[npo] Add support for anderetijden.nl (Closes #10754)
authorSergey M․ <dstftw@gmail.com>
Sun, 25 Sep 2016 15:19:00 +0000 (22:19 +0700)
committerSergey M․ <dstftw@gmail.com>
Sun, 25 Sep 2016 15:26:14 +0000 (22:26 +0700)
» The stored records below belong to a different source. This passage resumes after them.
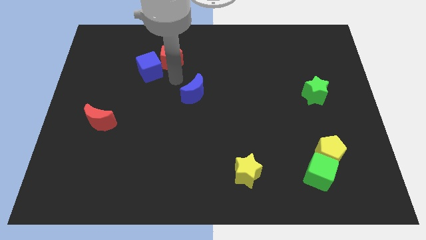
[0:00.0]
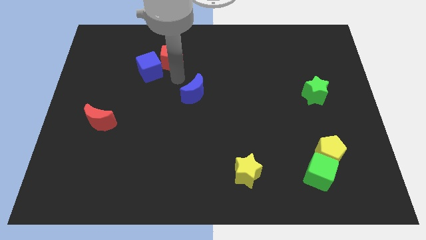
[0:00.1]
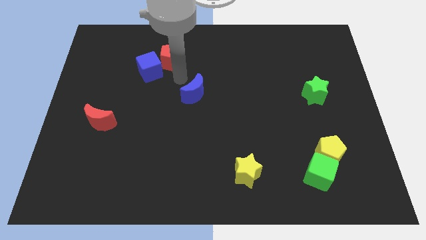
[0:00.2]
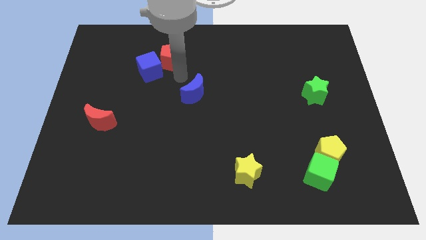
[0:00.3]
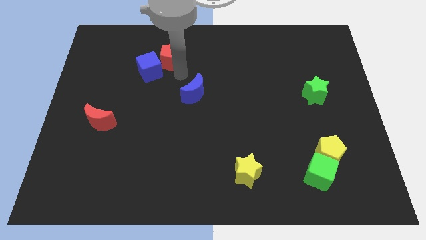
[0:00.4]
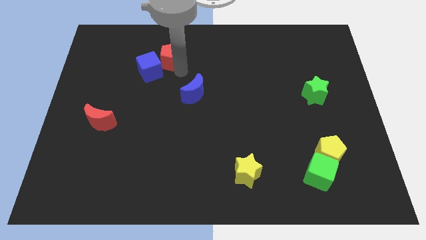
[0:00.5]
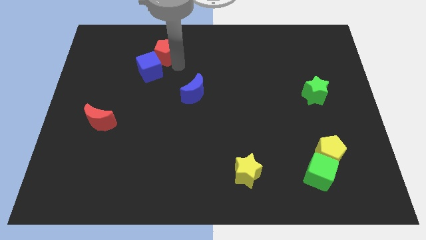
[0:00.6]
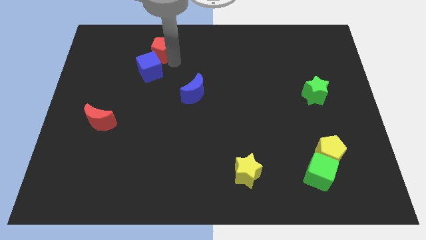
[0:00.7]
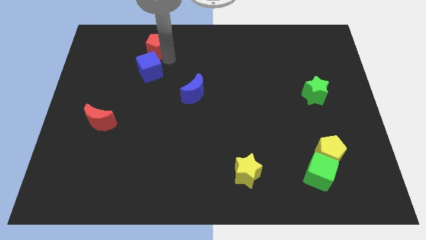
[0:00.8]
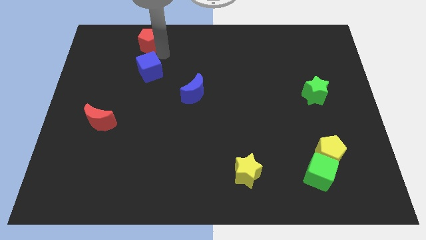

youtube_dl/extractor/npo.py

index ff02d03090a5b805613425f61c798e725dd752fa..66035a77c5ada26ca94fe4d3863c052ea253832e 100644 (file)
@@ -5,6 +5,7 @@ import re
 from .common import InfoExtractor
 from ..utils import (
     fix_xml_ampersands,
+    orderedSet,
     parse_duration,
     qualities,
     strip_jsonp,
@@ -446,7 +447,7 @@ class NPOPlaylistBaseIE(NPOIE):
 
         entries = [
             self.url_result('npo:%s' % video_id if not video_id.startswith('http') else video_id)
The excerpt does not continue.